Content starts
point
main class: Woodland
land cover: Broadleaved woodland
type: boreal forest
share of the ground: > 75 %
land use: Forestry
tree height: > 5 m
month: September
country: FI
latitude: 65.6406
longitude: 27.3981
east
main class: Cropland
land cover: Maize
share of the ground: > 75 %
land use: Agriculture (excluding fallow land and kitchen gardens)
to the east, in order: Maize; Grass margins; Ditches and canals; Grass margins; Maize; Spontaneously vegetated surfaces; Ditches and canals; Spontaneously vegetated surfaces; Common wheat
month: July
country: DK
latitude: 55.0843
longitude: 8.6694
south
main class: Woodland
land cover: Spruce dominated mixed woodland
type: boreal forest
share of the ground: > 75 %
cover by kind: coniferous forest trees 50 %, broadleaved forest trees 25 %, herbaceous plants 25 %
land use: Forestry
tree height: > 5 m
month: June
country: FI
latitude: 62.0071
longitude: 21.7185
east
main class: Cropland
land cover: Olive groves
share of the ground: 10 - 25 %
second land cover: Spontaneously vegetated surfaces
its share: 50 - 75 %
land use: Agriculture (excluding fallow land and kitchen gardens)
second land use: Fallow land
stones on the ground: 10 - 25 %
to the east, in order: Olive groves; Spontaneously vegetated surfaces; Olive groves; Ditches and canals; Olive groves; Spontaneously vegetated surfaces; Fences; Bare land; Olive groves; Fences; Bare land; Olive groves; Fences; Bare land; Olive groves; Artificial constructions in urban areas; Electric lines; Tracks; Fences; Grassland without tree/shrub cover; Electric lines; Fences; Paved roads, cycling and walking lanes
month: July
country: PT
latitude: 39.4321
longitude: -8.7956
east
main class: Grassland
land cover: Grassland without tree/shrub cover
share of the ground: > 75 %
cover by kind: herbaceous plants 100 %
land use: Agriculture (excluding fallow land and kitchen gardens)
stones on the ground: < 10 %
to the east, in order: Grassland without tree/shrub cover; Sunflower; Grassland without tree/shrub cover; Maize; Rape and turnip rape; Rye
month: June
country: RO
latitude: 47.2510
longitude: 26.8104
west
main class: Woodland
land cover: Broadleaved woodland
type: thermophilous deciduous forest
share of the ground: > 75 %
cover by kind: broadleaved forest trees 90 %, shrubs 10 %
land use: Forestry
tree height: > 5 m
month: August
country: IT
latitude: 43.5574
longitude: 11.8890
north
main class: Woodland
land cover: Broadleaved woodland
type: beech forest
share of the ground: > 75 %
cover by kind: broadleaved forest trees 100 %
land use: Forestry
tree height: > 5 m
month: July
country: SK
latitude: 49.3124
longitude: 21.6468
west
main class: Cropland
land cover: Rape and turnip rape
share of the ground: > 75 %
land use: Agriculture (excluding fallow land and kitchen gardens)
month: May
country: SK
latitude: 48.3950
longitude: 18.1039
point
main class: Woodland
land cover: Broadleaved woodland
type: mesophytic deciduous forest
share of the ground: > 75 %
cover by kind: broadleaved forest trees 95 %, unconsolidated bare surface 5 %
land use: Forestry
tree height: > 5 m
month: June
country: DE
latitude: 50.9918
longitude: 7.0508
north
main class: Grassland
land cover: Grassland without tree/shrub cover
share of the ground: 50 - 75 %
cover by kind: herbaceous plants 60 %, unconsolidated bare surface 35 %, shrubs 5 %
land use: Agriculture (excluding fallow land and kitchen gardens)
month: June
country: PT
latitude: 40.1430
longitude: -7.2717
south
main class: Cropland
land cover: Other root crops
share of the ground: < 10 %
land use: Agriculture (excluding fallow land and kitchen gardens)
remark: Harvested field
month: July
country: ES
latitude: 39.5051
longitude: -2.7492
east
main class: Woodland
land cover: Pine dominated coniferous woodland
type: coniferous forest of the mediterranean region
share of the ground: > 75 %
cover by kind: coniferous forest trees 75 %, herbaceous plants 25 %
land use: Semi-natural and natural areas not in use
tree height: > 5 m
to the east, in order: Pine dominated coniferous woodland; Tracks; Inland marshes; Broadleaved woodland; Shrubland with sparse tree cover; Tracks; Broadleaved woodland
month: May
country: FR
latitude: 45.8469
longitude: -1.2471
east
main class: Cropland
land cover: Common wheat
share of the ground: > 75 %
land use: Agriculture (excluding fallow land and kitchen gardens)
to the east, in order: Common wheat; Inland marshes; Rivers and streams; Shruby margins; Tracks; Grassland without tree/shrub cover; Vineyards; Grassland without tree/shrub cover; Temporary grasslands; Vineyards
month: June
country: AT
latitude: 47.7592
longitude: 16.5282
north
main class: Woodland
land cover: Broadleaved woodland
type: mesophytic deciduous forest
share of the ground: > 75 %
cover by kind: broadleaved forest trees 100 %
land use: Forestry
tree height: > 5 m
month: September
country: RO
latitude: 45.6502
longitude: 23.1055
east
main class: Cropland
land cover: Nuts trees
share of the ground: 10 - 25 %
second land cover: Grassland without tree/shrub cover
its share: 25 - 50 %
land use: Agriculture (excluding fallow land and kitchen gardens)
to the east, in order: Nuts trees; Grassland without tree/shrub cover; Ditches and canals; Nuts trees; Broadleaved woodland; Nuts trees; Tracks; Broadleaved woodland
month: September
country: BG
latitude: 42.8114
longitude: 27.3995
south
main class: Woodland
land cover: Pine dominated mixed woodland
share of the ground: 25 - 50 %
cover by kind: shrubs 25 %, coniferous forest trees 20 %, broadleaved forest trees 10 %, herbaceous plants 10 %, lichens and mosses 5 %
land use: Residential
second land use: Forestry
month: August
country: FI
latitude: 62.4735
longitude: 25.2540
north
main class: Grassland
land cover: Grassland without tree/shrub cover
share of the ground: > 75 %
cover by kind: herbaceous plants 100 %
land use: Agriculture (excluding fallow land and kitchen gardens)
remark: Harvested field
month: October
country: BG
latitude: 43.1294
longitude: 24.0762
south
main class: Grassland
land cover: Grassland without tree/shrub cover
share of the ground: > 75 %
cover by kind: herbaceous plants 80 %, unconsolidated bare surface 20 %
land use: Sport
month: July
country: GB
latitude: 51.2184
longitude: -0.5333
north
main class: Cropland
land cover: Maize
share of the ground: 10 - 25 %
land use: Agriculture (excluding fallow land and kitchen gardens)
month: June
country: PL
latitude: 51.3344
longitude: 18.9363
Content ends
=== Description of the task ===
Give back exactly the lines from the one that contains "latitude: 62.4735" to the end of the material, both ends kept, and no other line.

=== Answer for the task ===
latitude: 62.4735
longitude: 25.2540
north
main class: Grassland
land cover: Grassland without tree/shrub cover
share of the ground: > 75 %
cover by kind: herbaceous plants 100 %
land use: Agriculture (excluding fallow land and kitchen gardens)
remark: Harvested field
month: October
country: BG
latitude: 43.1294
longitude: 24.0762
south
main class: Grassland
land cover: Grassland without tree/shrub cover
share of the ground: > 75 %
cover by kind: herbaceous plants 80 %, unconsolidated bare surface 20 %
land use: Sport
month: July
country: GB
latitude: 51.2184
longitude: -0.5333
north
main class: Cropland
land cover: Maize
share of the ground: 10 - 25 %
land use: Agriculture (excluding fallow land and kitchen gardens)
month: June
country: PL
latitude: 51.3344
longitude: 18.9363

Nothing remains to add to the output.